Differentiate equation (4) with respect to $z$ .

  $\begin{array}{c}\frac{d^3{B}_z}{d{z}^3}=\frac{d}{dz}\left[\left(\frac{{\mu }_{0}n{R}^{2}I}{2}\right)\left(-3\right)\left(\left(\frac{1}{z_1^5}-\frac{5{\left(z+\frac{1}{2}R\right)}^2}{z_1^7}\right)+\left(\frac{1}{z_2^5}-\frac{5{\left(z-\frac{1}{2}R\right)}^2}{z_2^7}\right)\right)\right]\\ =\left(\frac{{\mu }_{0}n{R}^{2}I}{2}\right)\left(-3\right)\left[\begin{array}{c}\left(\begin{array}{l}\frac{-5}{z_1^6}\left(\frac{d{z}_1}{dz}\right)-\frac{10\left(z+\frac{1}{2}R\right)}{z_1^7}-\\ \frac{-35{\left(z+\frac{1}{2}R\right)}^2}{z_1^8}\left(\frac{d{z}_1}{dz}\right)\end{array}\right)+\\ \left(\begin{array}{l}\frac{-5}{z_1^6}\left(\frac{d{z}_2}{dz}\right)-\frac{10\left(z-\frac{1}{2}R\right)}{z_1^7}\\ -\frac{-35{\left(z-\frac{1}{2}R\right)}^2}{z_1^8}\left(\frac{d{z}_2}{dz}\right)\end{array}\right)\end{array}\right]\end{array}$ ....... (5)
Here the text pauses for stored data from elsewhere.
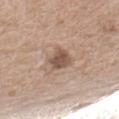Impression:
Imaged during a routine full-body skin examination; the lesion was not biopsied and no histopathology is available.
Background:
Imaged with white-light lighting. A 15 mm close-up tile from a total-body photography series done for melanoma screening. The lesion-visualizer software estimated a mean CIELAB color near L≈53 a*≈17 b*≈26, a lesion–skin lightness drop of about 12, and a normalized border contrast of about 8.5. The software also gave a border-irregularity index near 2.5/10, internal color variation of about 3 on a 0–10 scale, and radial color variation of about 1. And it measured a nevus-likeness score of about 30/100 and lesion-presence confidence of about 100/100. A female subject about 75 years old. Approximately 3 mm at its widest. The lesion is on the arm.
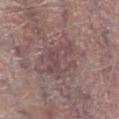The lesion was tiled from a total-body skin photograph and was not biopsied. A male patient about 55 years old. The lesion's longest dimension is about 4.5 mm. A region of skin cropped from a whole-body photographic capture, roughly 15 mm wide. Located on the right lower leg.
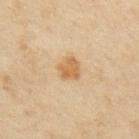This lesion was catalogued during total-body skin photography and was not selected for biopsy.
Captured under cross-polarized illumination.
A close-up tile cropped from a whole-body skin photograph, about 15 mm across.
The lesion is located on the upper back.
Measured at roughly 2.5 mm in maximum diameter.
The subject is a female roughly 35 years of age.
An algorithmic analysis of the crop reported border irregularity of about 2.5 on a 0–10 scale and a within-lesion color-variation index near 2.5/10.
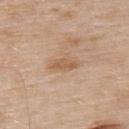follow-up: catalogued during a skin exam; not biopsied
automated metrics: an area of roughly 4 mm², an eccentricity of roughly 0.9, and two-axis asymmetry of about 0.3
patient: male, about 55 years old
image source: ~15 mm tile from a whole-body skin photo
lighting: white-light illumination
size: ≈3.5 mm
body site: the upper back
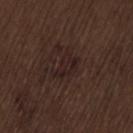{"biopsy_status": "not biopsied; imaged during a skin examination", "automated_metrics": {"cielab_L": 20, "cielab_a": 15, "cielab_b": 16, "vs_skin_darker_L": 5.0, "vs_skin_contrast_norm": 6.5, "border_irregularity_0_10": 3.5, "color_variation_0_10": 2.5, "peripheral_color_asymmetry": 0.5, "nevus_likeness_0_100": 10}, "patient": {"sex": "male", "age_approx": 70}, "lighting": "white-light", "lesion_size": {"long_diameter_mm_approx": 3.0}, "site": "lower back", "image": {"source": "total-body photography crop", "field_of_view_mm": 15}}

Substitute $\frac{\left(z+\frac{1}{2}R\right)}{z_1}$ for $\frac{d{z}_1}{dz}$ and $\frac{\left(z-\frac{1}{2}R\right)}{z_2}$ for $\frac{d{z}_2}{dz}$ in equation (5)
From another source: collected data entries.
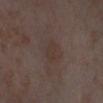Clinical impression: Part of a total-body skin-imaging series; this lesion was reviewed on a skin check and was not flagged for biopsy. Clinical summary: A close-up tile cropped from a whole-body skin photograph, about 15 mm across. On the left lower leg. This is a cross-polarized tile. The patient is a female aged 53–57. Approximately 2.5 mm at its widest.
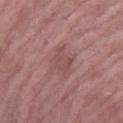follow-up: catalogued during a skin exam; not biopsied
patient: female, aged approximately 60
image-analysis metrics: an average lesion color of about L≈50 a*≈22 b*≈22 (CIELAB), about 6 CIELAB-L* units darker than the surrounding skin, and a lesion-to-skin contrast of about 5 (normalized; higher = more distinct); a border-irregularity rating of about 4/10 and radial color variation of about 0.5
tile lighting: white-light illumination
anatomic site: the left forearm
diameter: about 4 mm
acquisition: ~15 mm tile from a whole-body skin photo
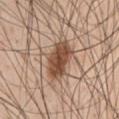| feature | finding |
|---|---|
| follow-up | no biopsy performed (imaged during a skin exam) |
| patient | male, aged 58 to 62 |
| site | the chest |
| tile lighting | white-light |
| image source | ~15 mm tile from a whole-body skin photo |

  $\frac{d^3{B}_z}{d{z}^3}=\left(\frac{{\mu }_{0}n{R}^{2}I}{2}\right)\left(-3\right)\left[\begin{array}{c}\left(\begin{array}{l}\frac{-5}{z_1^6}\left(\frac{\left(z+\frac{1}{2}R\right)}{z_1}\right)-\frac{10\left(z+\frac{1}{2}R\right)}{z_1^7}-\\ \frac{-35{\left(z+\frac{1}{2}R\right)}^2}{z_1^8}\left(\frac{\left(z+\frac{1}{2}R\right)}{z_1}\right)\end{array}\right)+\\ \left(\begin{array}{l}\frac{-5}{z_1^6}\left(\frac{\left(z-\frac{1}{2}R\right)}{z_1}\right)-\frac{10\left(z-\frac{1}{2}R\right)}{z_1^7}\\ -\frac{-35{\left(z-\frac{1}{2}R\right)}^2}{z_1^8}\left(\frac{\left(z-\frac{1}{2}R\right)}{z_1}\right)\end{array}\right)\end{array}\right]$

  $=\left(\frac{{\mu }_{0}n{R}^{2}I}{2}\right)\left(-3\right)\left(\begin{array}{l}-\frac{15\left(z+\frac{1}{2}R\right)}{z_1^7}+\frac{35{\left(z+\frac{1}{2}R\right)}^3}{z_1^9}\\ -\frac{15\left(z-\frac{1}{2}R\right)}{z_2^7}+\frac{35{\left(z-\frac{1}{2}R\right)}^2}{z_2^9}\end{array}\right)$........ (6)

Substitute $0$ for $z$ $\sqrt{\frac{5}{4}{R}^2}$ for $z_1$ and $\sqrt{\frac{5}{4}{R}^2}$ for $z_2$ in equation (6).

  $\begin{array}{c}\frac{d^3{B}_z}{d{z}^3}=\left(\frac{{\mu }_{0}n{R}^{2}I}{2}\right)\left(-3\right)\left(\begin{array}{l}-\frac{15\left(0+\frac{1}{2}R\right)}{{\left(\frac{5}{4}{R}^2\right)}^{\frac{7}{2}}}+\frac{35{\left(0+\frac{1}{2}R\right)}^3}{{\left(\frac{5}{4}{R}^2\right)}^{\frac{9}{2}}}\\ -\frac{15\left(z-\frac{1}{2}R\right)}{{\left(\frac{5}{4}{R}^2\right)}^{\frac{7}{2}}}+\frac{35{\left(z-\frac{1}{2}R\right)}^2}{{\left(\frac{5}{4}{R}^2\right)}^{\frac{9}{2}}}\end{array}\right)\\ =0\end{array}$

Conclusion:

Therefore, it is proved that $\frac{d{B}_z}{dz}=0,\frac{d^2{B}_z}{d{z}^2}=0\text{and}\frac{d^3{B}_z}{d{z}^3}=0$ .